Industrial Mathematics (Technomathematics specialization) (MSc)

at TU Dortmund in Dortmund

The English-language specialization of TU Dortmund's Technomathematics Master, combining pure and applied mathematics (numerics, optimization, scientific computing) with computer-science components and an application subject in a natural or engineering science. Emphasis on modelling and simulation for real-world problems in finance, engineering and logistics, with practice-oriented projects and industrial internships in the Dortmund/Ruhr region. Lectures start in October.

At a glance

Degree
MSc
Language
English
English requirement
TOEFL 550 (paper) / 213 (computer) / 79 (internet); an English-taught Bachelor's degree also serves as proof. No IELTS figure on the official page.
German requirement
not required; learning German is recommended
Credits
120 ECTS
Duration
4 semesters (2 years)
Intake
Winter semester
Tuition
€0 (public university)

Focus areas: Numerics · Optimization · Scientific computing · Application subjects (civil/mechanical engineering, chemistry, EE&IT, CS, physics)

Admission requirements

Prior degree
Bachelor in Mathematics or Technomathematics (TU Dortmund) or comparable
Minimum grade
3.0 overall ('satisfactory', German scale)
Prerequisite credits
  • ≥100 ECTS mathematics
  • ≥20 ECTS from a minor subject (civil/mechanical engineering, chemistry, electrical engineering & IT, computer science or physics)
Also required
Programming skills required from the start; admission conditions of up to 30 additional ECTS may be imposed.

Deadlines & timeline

Deadlines differ by where your degree is from. Dates change every cycle — always confirm on the official page before planning. A dash means no fixed calendar date exists or none is confirmed yet — the Details column explains each case.
Who Intake Deadline Details
Non-EU applicants Winter semester Not confirmed on a single official page; general TU Dortmund Master deadlines are expected to apply.
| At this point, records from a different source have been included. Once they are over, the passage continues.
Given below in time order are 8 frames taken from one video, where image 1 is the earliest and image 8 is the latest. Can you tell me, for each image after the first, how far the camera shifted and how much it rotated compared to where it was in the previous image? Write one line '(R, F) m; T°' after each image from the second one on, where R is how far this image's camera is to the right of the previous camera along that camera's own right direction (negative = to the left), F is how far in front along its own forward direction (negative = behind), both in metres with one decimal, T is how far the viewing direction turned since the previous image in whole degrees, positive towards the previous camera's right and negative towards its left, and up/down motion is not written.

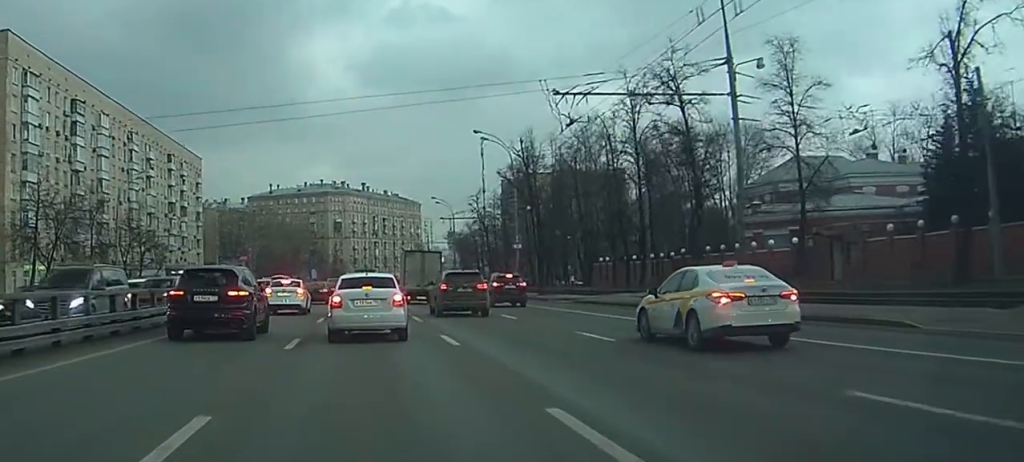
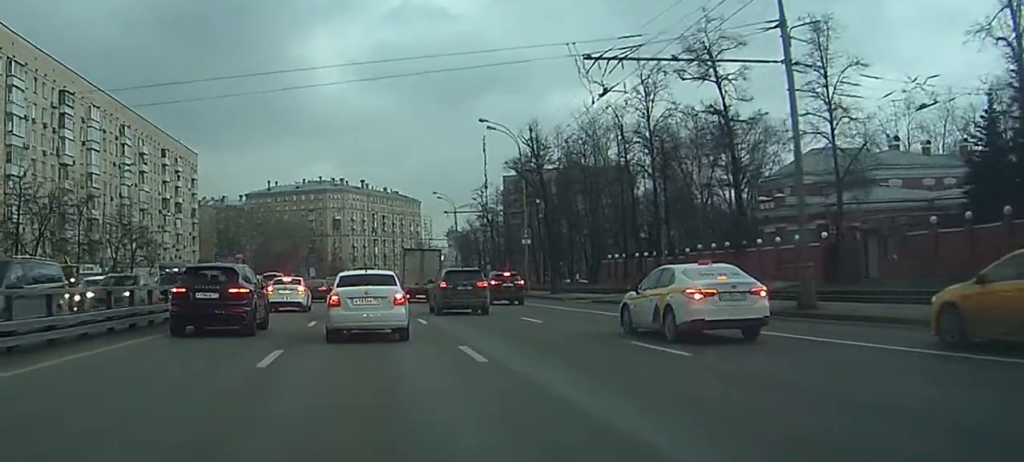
(0.0, +4.0) m; 0°
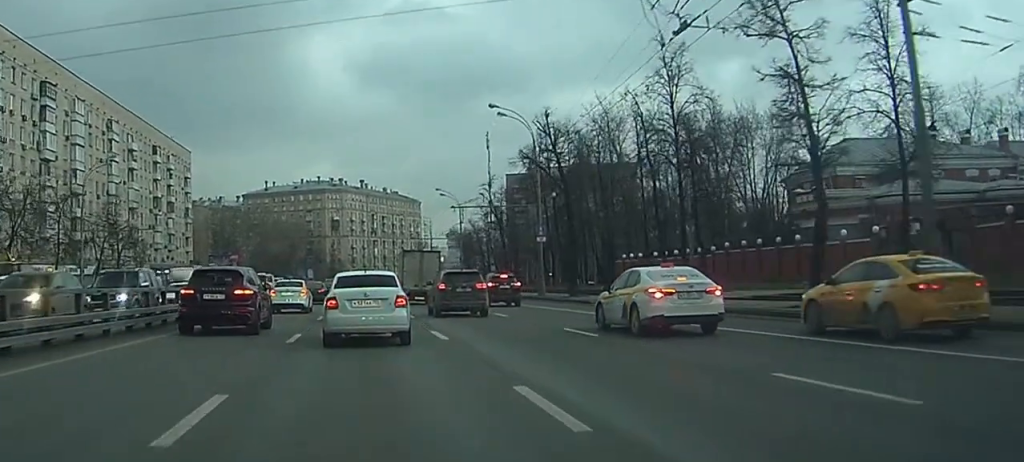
(0.0, +6.2) m; 0°
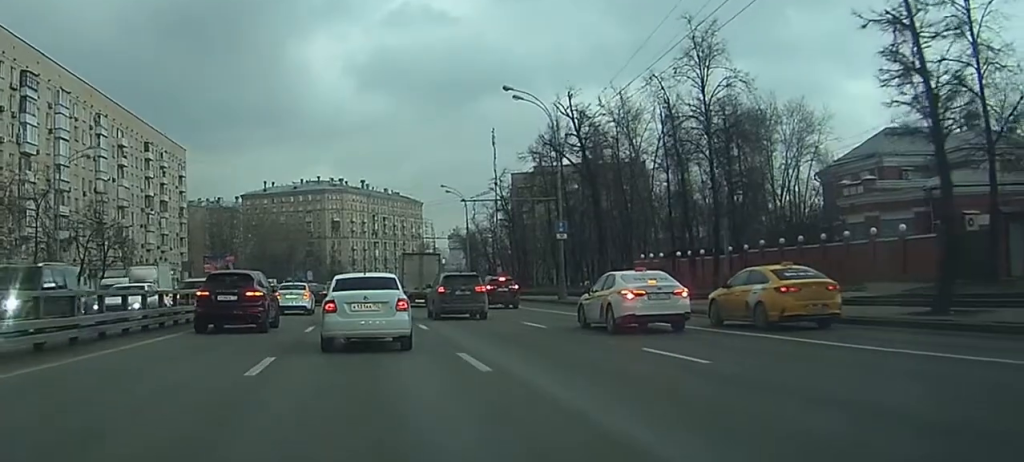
(0.0, +6.6) m; 0°
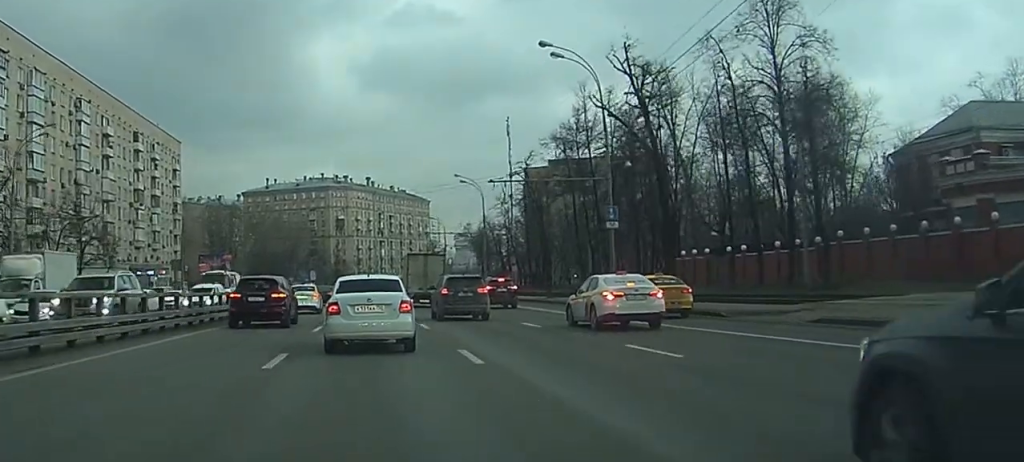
(-0.1, +11.2) m; -1°
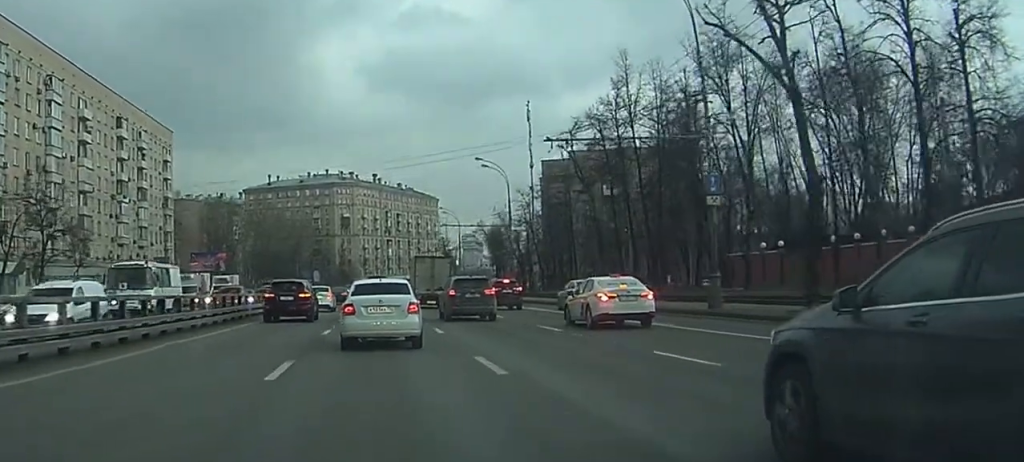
(0.0, +13.7) m; 0°
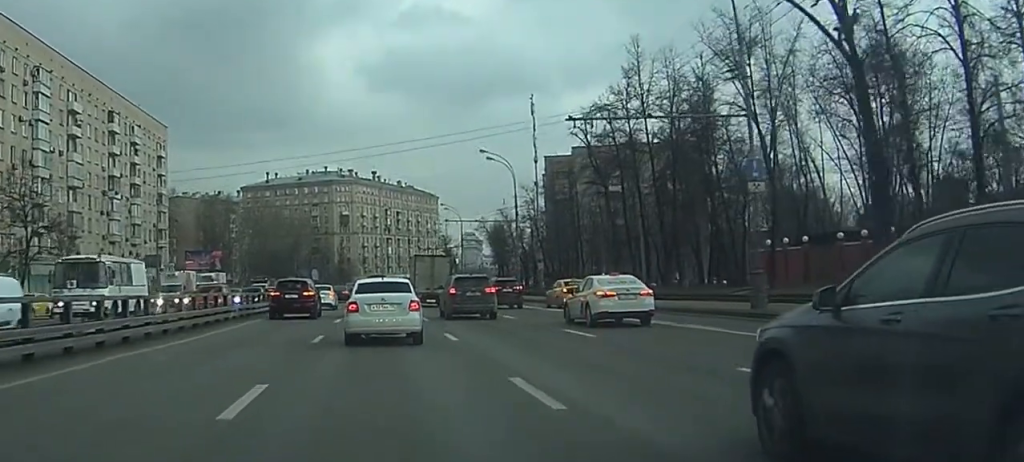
(0.0, +3.9) m; 0°
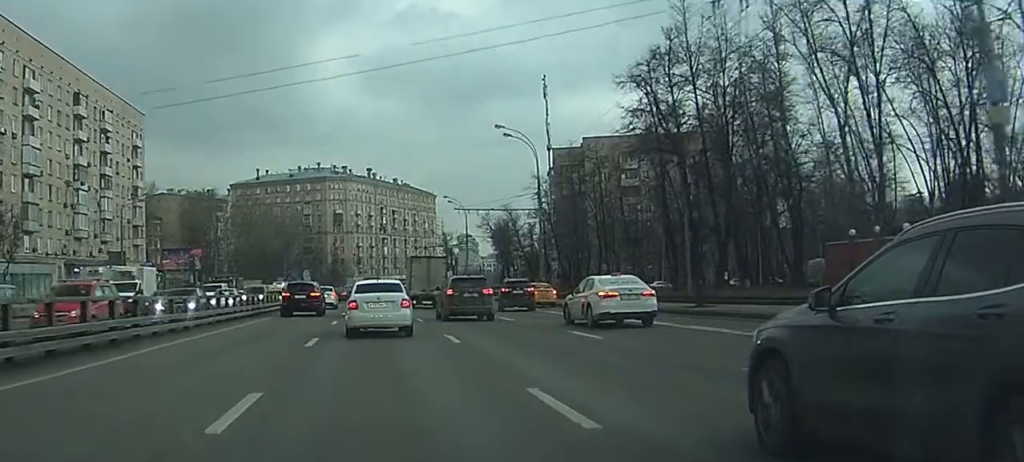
(0.0, +13.0) m; 0°

Verify with the Faculty of Mathematics before relying on this. International Office (re-checked 2026-07-04): the standard English-taught non-EU window applies — approx. beginning of January to 15 May (cut-off period). This is a university-wide default, not a programme-specific date, so date is left null.
EU / German-degree applicants Winter semester International Office (re-checked 2026-07-04): winter start only; beginning of January to Friday before the lecture period (cut-off period), via the International Office application. Window language, not year-anchored.

Fees & funding

Tuition
€0 per semester
Semester contribution
€321.48
Semester ticket
included (Deutschland-Semesterticket)

University-wide: €0 tuition; €321.48 semester contribution confirmed for WS 2025/26, including the nationwide Deutschland-Semesterticket. A figure of ~€339.70 is in preparation for WS 2026/27.

Scholarships are listed per university — see TU Dortmund scholarships.

How to apply

uni-assist
required (see deadline details above for who exactly)
Application portal
www.uni-assist.de
Official page
www.tu-dortmund.de

EU applicants and holders of German degrees usually apply directly via the university's Campusportal instead of uni-assist — the deadline table above says which route applies to you.

What students say

Aggregated from StudyCheck · 2024–2025 — paraphrased in our own words, never quoted.

Reviewers describe Technomathematik at TU Dortmund as intellectually demanding but rewarding, with a challenging start that eases once students form study groups. They praise the applied, increasingly in-demand content and highly approachable, competent lecturers and administration, while cautioning that the programme is overwhelmingly mathematics-heavy and difficult to tackle alone.

Liked

  • More applied and varied than pure mathematics
  • Engaging, increasingly sought-after subject matter
  • Lecturers teach well and are readily available for questions
  • Helpful and competent student administration
  • Practical study project is a valued hands-on component

Criticised

  • Steep, difficult entry phase
  • Very mathematics-intensive workload
  • Hard to manage without joining a study group
  • More restricted choice of minor/application subject than standard mathematics
  • Demands strong self-motivation and independent study

Where graduates go

Typical roles
Applied-mathematics roles in finance, engineering and logistics; scientific staff at universities and research institutes (source)

No official placement statistics exist for this programme — these are directions described by the university, not measured rates.